The end of year is just around the corner. In Kenya, it is a time when city dwellers catch up with family from the rural areas or 'shags'. While a number of years back it was 'given' that the city dwellers would go back 'home' to the rural areas, today one of the debates you are likely to have about the impending holidays is whether the rural folk will come over, or you will go there. Indeed, things have changed so much that more and more families are having holidays away from the extended family, choosing road trips, camping safaris, beach, and even international holidays.
Whichever way you want to spend your holidays it is likely that you will be engaged in some kind of debate - external or internal - and negotiations about how you would like to spend this time. After weeks of traffic snarl ups, office politics and the school run, many people will be looking to rest, but family holidays do not necessarily provide that. Instead you exchange office politics for the family variety, and the traffic becomes the foot fall of people moving in and out of the homestead as they visit you. Depending on what role you play in the family, this is an opportunity to sit back and enjoy the interactions, or it is hours over the cooking stove - woe unto you if you haven't upgraded from 3 stones. While your usual life is characterised by relatively stable financial exigencies you may be faced by unusual demands from the extended family whose 'Christmas' depends on your generosity. This can make for uncommon tensions, bringing out a side of you that you are not often in touch with.

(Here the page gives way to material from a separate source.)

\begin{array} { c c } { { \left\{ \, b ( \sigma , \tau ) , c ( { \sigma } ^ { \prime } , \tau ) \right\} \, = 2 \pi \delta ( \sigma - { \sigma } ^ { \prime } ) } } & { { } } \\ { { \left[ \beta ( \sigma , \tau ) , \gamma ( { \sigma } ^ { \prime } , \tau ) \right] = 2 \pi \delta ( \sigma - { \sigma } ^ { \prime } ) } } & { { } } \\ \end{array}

A generous you will want to share what you have, and if you have prepared yourself for that, it will be a period of satisfaction knowing that you have reached out to others. If you haven't you will experience discomfort as you feel that you have let yourself, and others, down.
Perhaps it is the 'show - off' you that will reign supreme these holidays. You will shop on your credit card and withdraw all your cash. You will whip out your wallet whenever someone shows up, giving even before you are asked. When the time comes to travel, back to your usual abode you will have to call up a generous buddy, because you won't have money to fuel your borrowed car. Then you will begin the new year with a financial deficit and possibly high tension in your city family because they will have unmet needs.
These holidays may bring out the 'individualistic' you. You will think only of your spouse and children, and, perhaps, your mum and dad. You will organise to spend more time with them than you usually do, and that means the guys in shagz are not in the picture. You know you can always link up with them during other times in the year, when their expectations are lower. But there may be a little voice somewhere saying that you are selfish, because you were brought up to believe that a 'good' man or woman takes Christmas home to the family - and family here is more than the people mentioned at the start of this paragraph.
Maybe it will be a single you reflecting on who your friends are, because you do not wish to hang out with family and their drama. This may be a period of sadness as you realise that you are lonely, or happiness as you realise you can choose adventure, with no strings attached, because you are 'free', and who know what that could lead to?
These debates may all rage in you at the same time, and so the holidays could become a time of discomfort because you have lots of options, which means you have to make choices, and making choices can be uncomfortable.
What can you do?
Begin by asking yourself who you would like to be at the other end of the holidays, when life returns to 'normal'. Which of the people described above represents your 'best' self? Which of the voices, representing the various options, will you listen to, and which ones will you repress or ignore? What will the consequences of repressing some voices be? How do you label the different voices?